_ACTIVITY_
Each entry that follows is to be copied exactly, minus any pictures.

_RECORDS SUPPLIED_

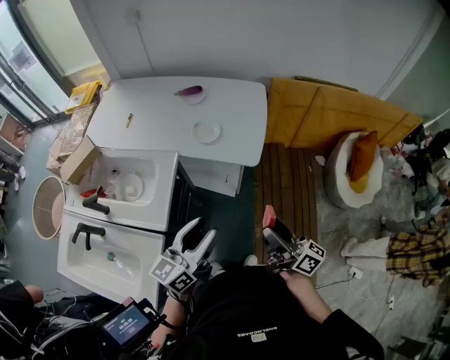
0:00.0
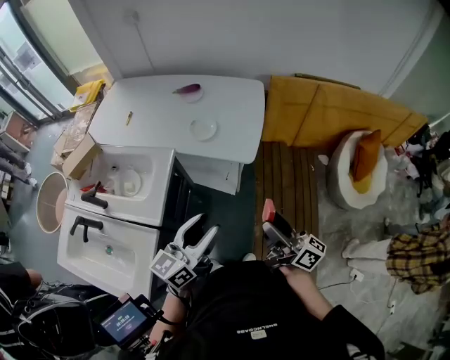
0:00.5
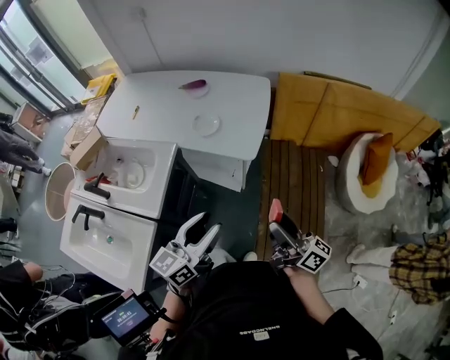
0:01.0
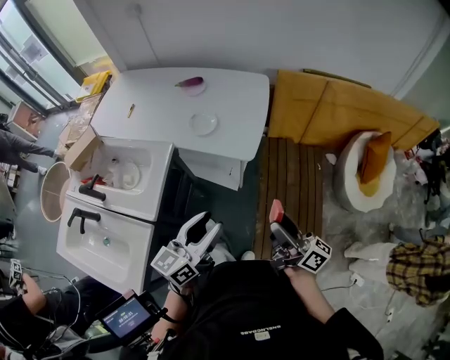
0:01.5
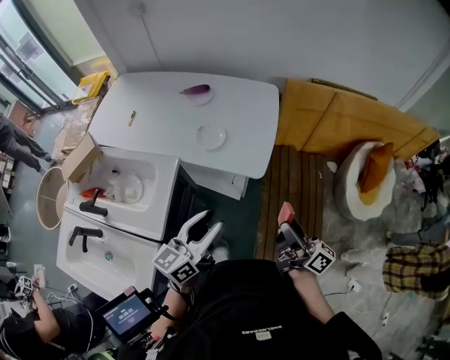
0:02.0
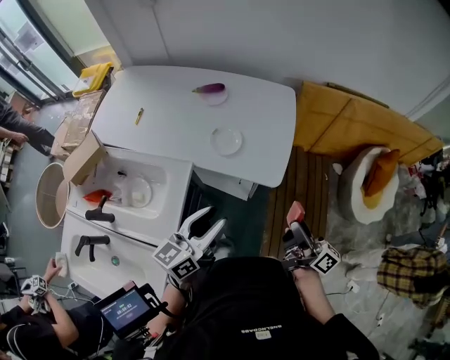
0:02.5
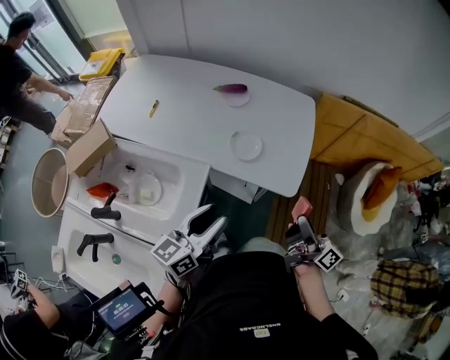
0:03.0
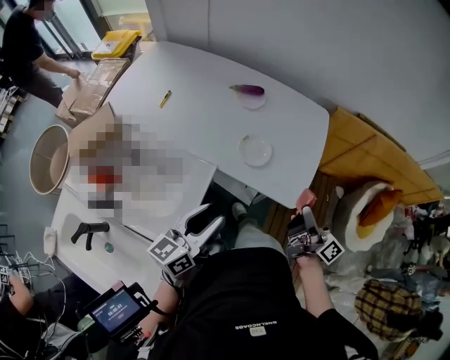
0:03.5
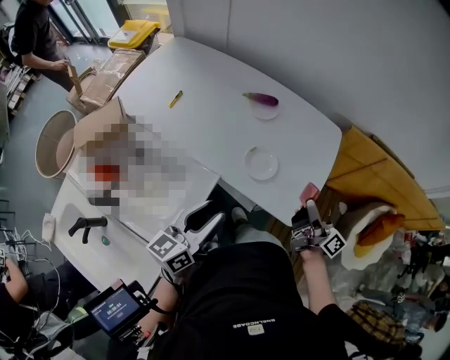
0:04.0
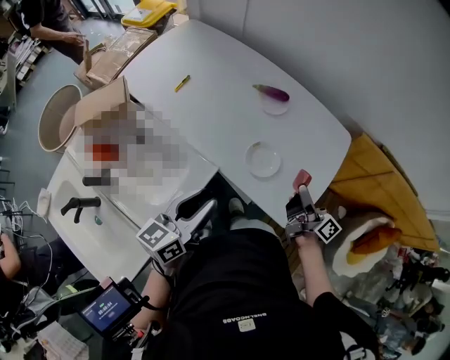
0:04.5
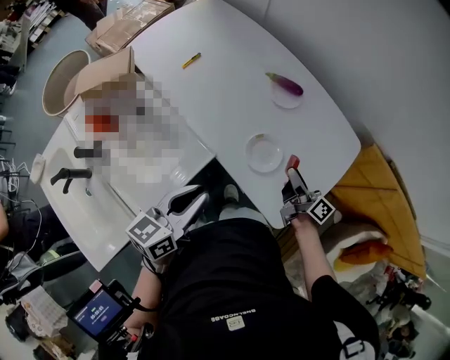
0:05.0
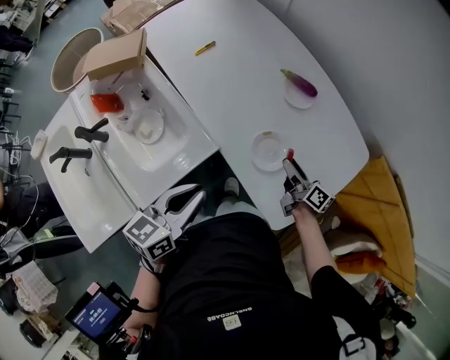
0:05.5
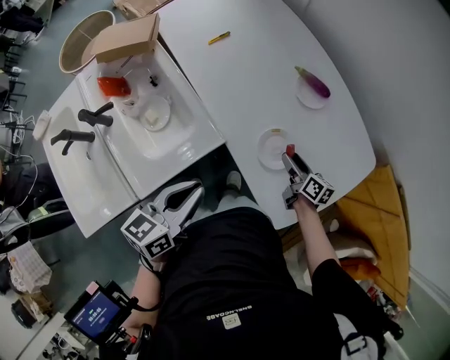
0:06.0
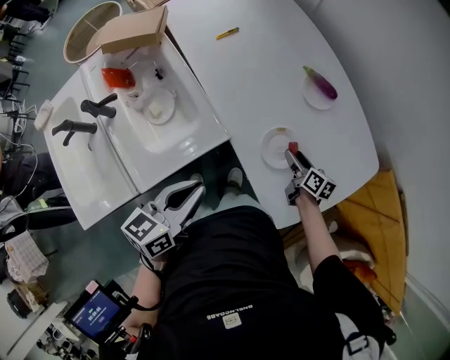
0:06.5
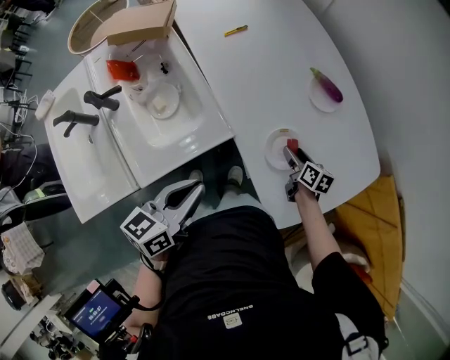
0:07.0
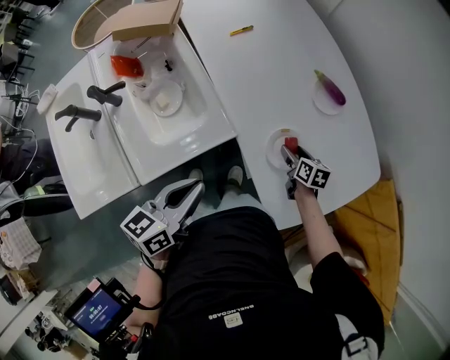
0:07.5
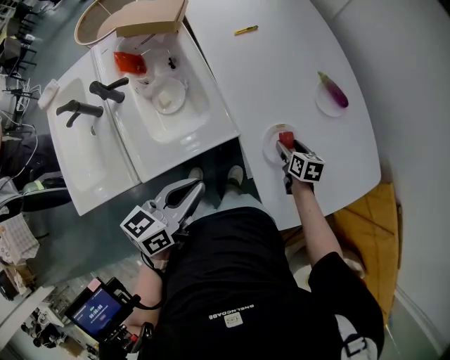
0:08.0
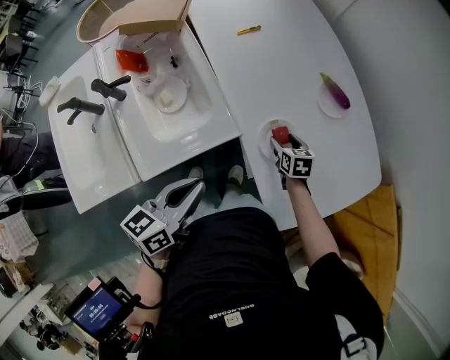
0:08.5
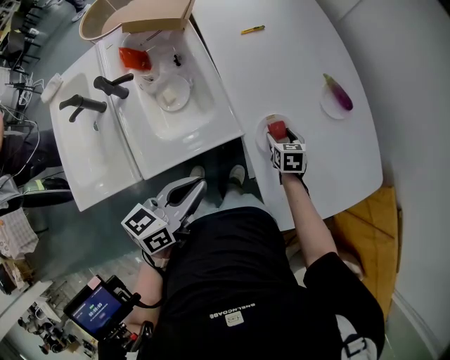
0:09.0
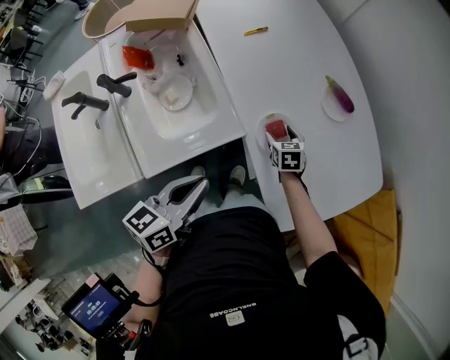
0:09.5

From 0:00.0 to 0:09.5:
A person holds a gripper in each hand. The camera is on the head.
From 0:00.0 to 0:02.0: The right gripper shifts about 15 cm forward and to the right; the left gripper travels forward by about 10 cm.
From 0:02.0 to 0:04.0: The left gripper heads to the left and forward, covering some 25 cm. Meanwhile the right gripper shifts about 30 cm forward and to the left.
From 0:04.0 to 0:05.5: The left gripper changes place by approximately 5 cm, rotates roughly 20 degrees, and closes up; the right gripper heads downward and forward, covering roughly 25 cm, and rotates roughly 40 degrees.
From 0:05.5 to 0:07.5: The right gripper is displaced downward and to the left by approximately 10 cm, and tilts its fingers approximately 40 degrees downward. The left gripper shifts roughly 5 cm to the left.
From 0:07.5 to 0:09.5: The right gripper is displaced to the left by about 10 cm, and turns by some 30 degrees.

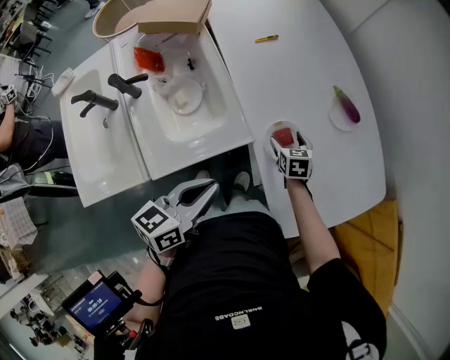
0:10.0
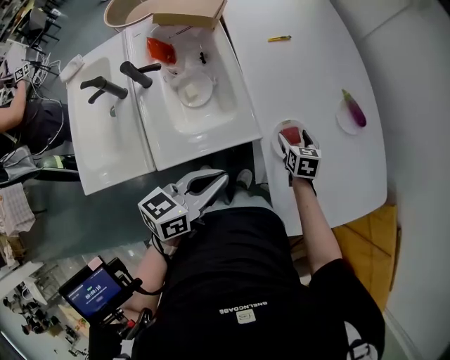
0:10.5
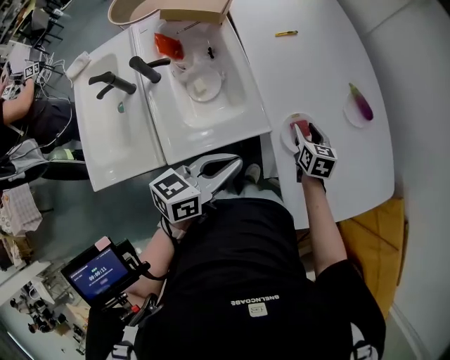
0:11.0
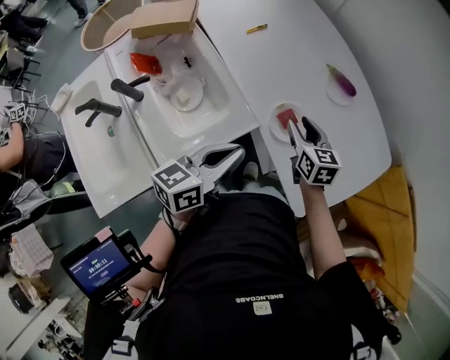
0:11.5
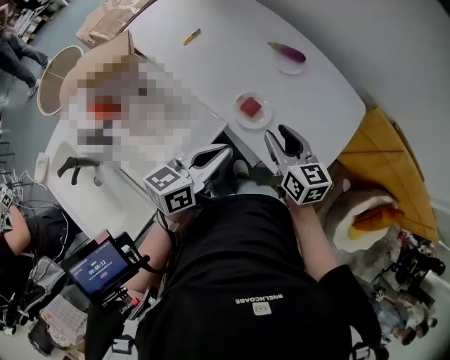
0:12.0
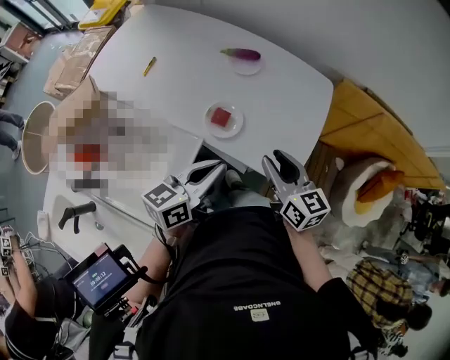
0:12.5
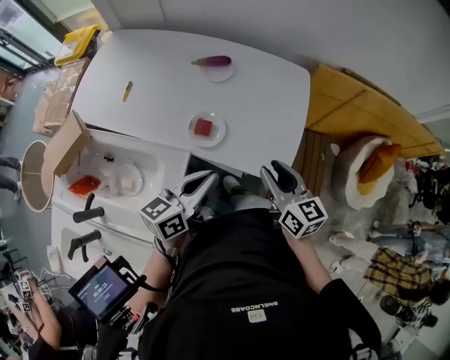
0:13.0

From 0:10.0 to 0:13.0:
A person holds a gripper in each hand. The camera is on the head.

_FINISHED TASK_
0:00.0
0:00.5
0:01.0
0:01.5
0:02.0
0:02.5
0:03.0
0:03.5
0:04.0
0:04.5
0:05.0
0:05.5
0:06.0
0:06.5
0:07.0
0:07.5
0:08.0
0:08.5
0:09.0
0:09.5

From 0:00.0 to 0:09.5:
A person holds a gripper in each hand. The camera is on the head.
From 0:00.0 to 0:02.0: The right gripper shifts about 15 cm forward and to the right; the left gripper travels forward by about 10 cm.
From 0:02.0 to 0:04.0: The left gripper heads to the left and forward, covering some 25 cm. Meanwhile the right gripper shifts about 30 cm forward and to the left.
From 0:04.0 to 0:05.5: The left gripper changes place by approximately 5 cm, rotates roughly 20 degrees, and closes up; the right gripper heads downward and forward, covering roughly 25 cm, and rotates roughly 40 degrees.
From 0:05.5 to 0:07.5: The right gripper is displaced downward and to the left by approximately 10 cm, and tilts its fingers approximately 40 degrees downward. The left gripper shifts roughly 5 cm to the left.
From 0:07.5 to 0:09.5: The right gripper is displaced to the left by about 10 cm, and turns by some 30 degrees.

0:10.0
0:10.5
0:11.0
0:11.5
0:12.0
0:12.5
0:13.0

From 0:10.0 to 0:13.0:
A person holds a gripper in each hand. The camera is on the head.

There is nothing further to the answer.